How to choose the vocabulary?

It makes sense to have a vocabulary of the most frequent words. But how to choose the size of vocabulary? I have plotted the frequency vs words (most frequent to least frequent). I have chosen a vocabulary that covers most the area under the curve. Any word not in the vocabulary will be replaced with the UNK token.

The number of UNK tokens in the dataset make a big difference.

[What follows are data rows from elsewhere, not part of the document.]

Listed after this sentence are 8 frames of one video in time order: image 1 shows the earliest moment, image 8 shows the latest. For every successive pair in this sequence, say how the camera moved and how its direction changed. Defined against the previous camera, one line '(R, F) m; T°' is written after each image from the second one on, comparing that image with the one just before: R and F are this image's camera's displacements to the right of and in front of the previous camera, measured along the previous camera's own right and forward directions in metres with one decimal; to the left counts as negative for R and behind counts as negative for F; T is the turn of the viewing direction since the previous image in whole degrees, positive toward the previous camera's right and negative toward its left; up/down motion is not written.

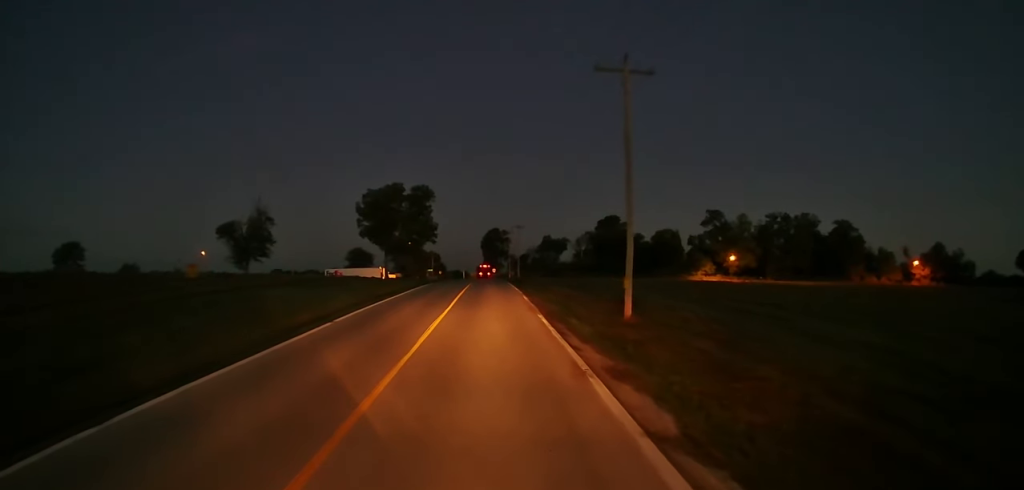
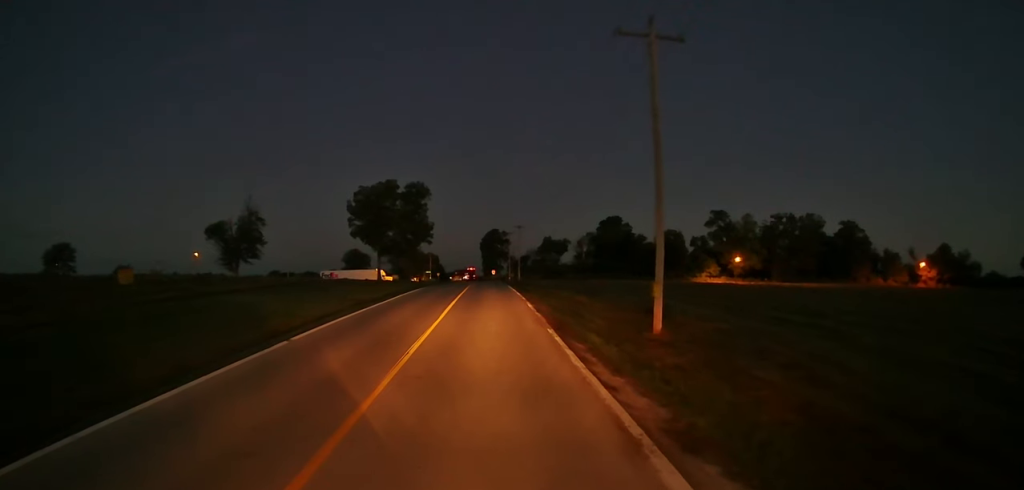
(0.0, +4.7) m; 0°
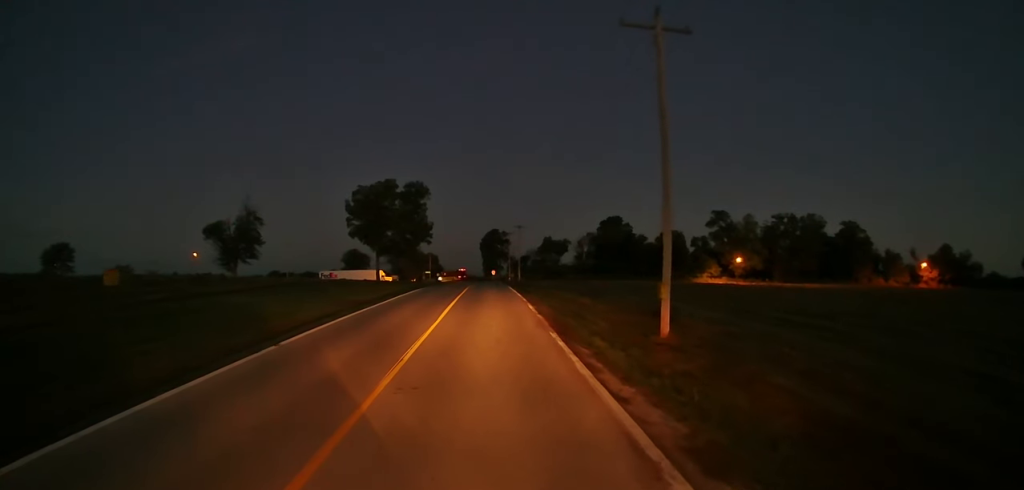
(0.0, +0.8) m; 0°
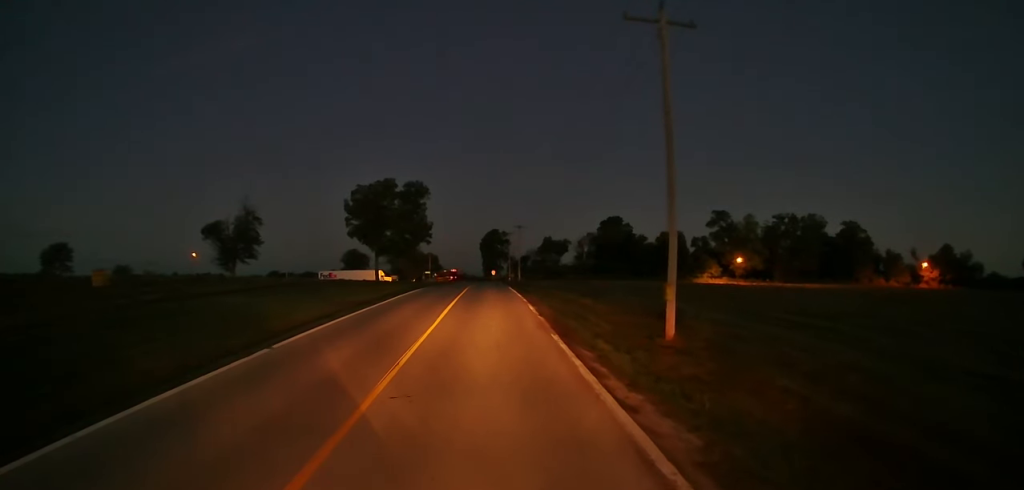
(0.0, +0.6) m; 0°
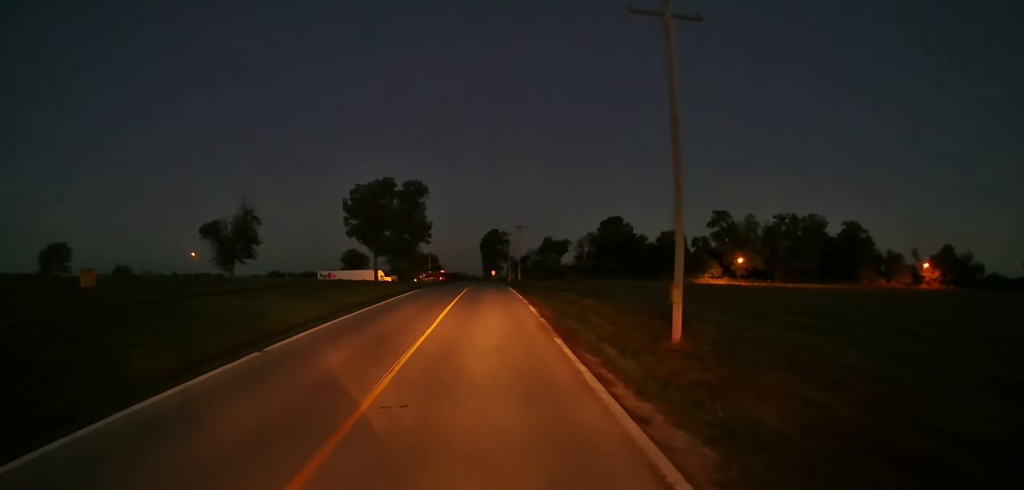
(0.0, +0.7) m; 0°
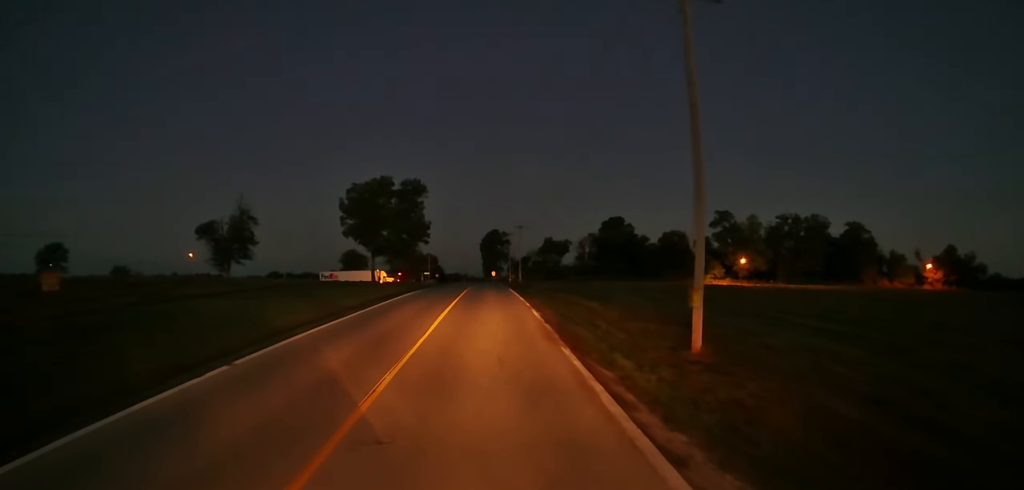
(0.0, +1.9) m; 0°
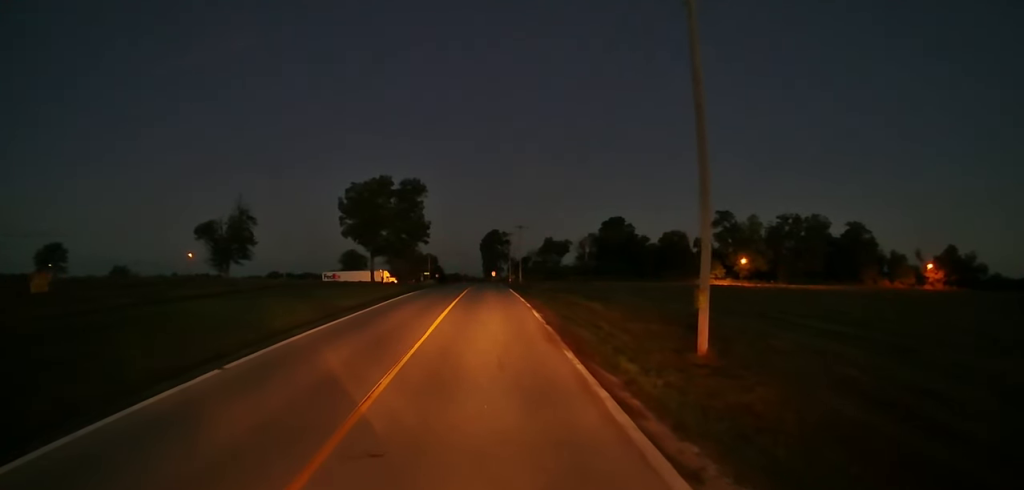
(0.0, +0.5) m; 0°
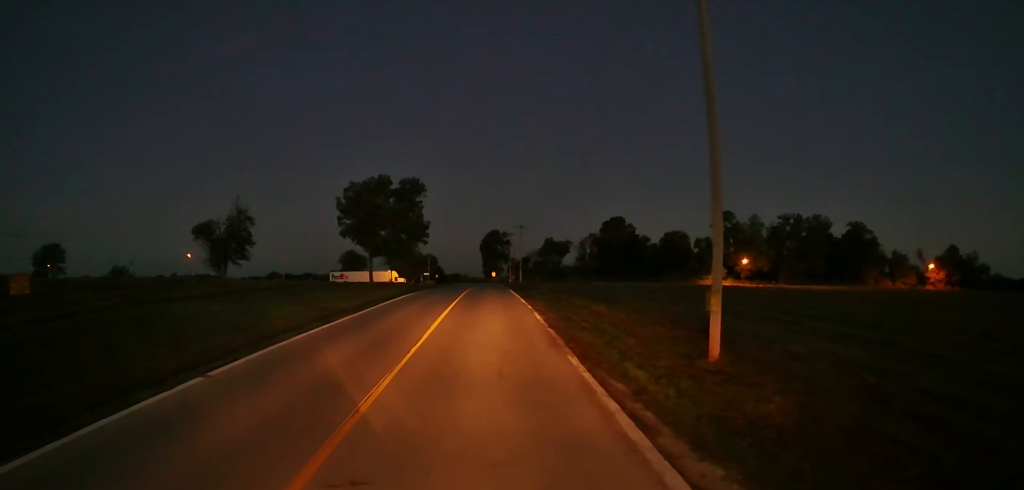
(0.0, +1.0) m; 0°

If there are too many unknown tokens, the model learns to output UNK tokens more than the words in our limited vocabulary. I have reduced the overall percentage of unknown tokens in the dataset to 3%, by increasing the vocabulary size and by removing sentences with too many unknown words (rare words) from the dataset. It is advisable to keep it less than 5%.

# count of unknowns
unk_count = (idx_q == 1).sum() + (idx_a == 1).sum()
# count of words
word_count = (idx_q > 1).sum() + (idx_a > 1).sum()
# % unknown
print('% unknown : {}'.format(100 * (unk_count/word_count)))

feed_dict helpers (data_utils.py)

We have processed the data, changed it from raw lines of text stored in a file, to zero-padded numpy arrays of indices, along with necessary metadata (word2index and index2word dictionaries). Now it is time to write a few helper functions that will gather random examples from the dataset, in batches, to feed to the model for training and evaluation. data_utils.py has a couple of functions for that purpose.

#
# split the dataset into train/valid/test sets
#  def split_dataset(x, y, ratio = [0.7, 0.15, 0.15] )
# generate batches, by random sampling a bunch of items
#  yield (x_gen, y_gen)
def rand_batch_gen(x, y, batch_size):
    while True:
        sample_idx = sample(list(np.arange(len(x))), batch_size)
        yield x[sample_idx].T, y[sample_idx].T
# a generic decode function 
#  inputs : sequence, lookup
def decode(sequence, lookup, separator=''): 
# 0 used for padding, is ignored
    return separator.join([ lookup[element] 
        for element in sequence if element ])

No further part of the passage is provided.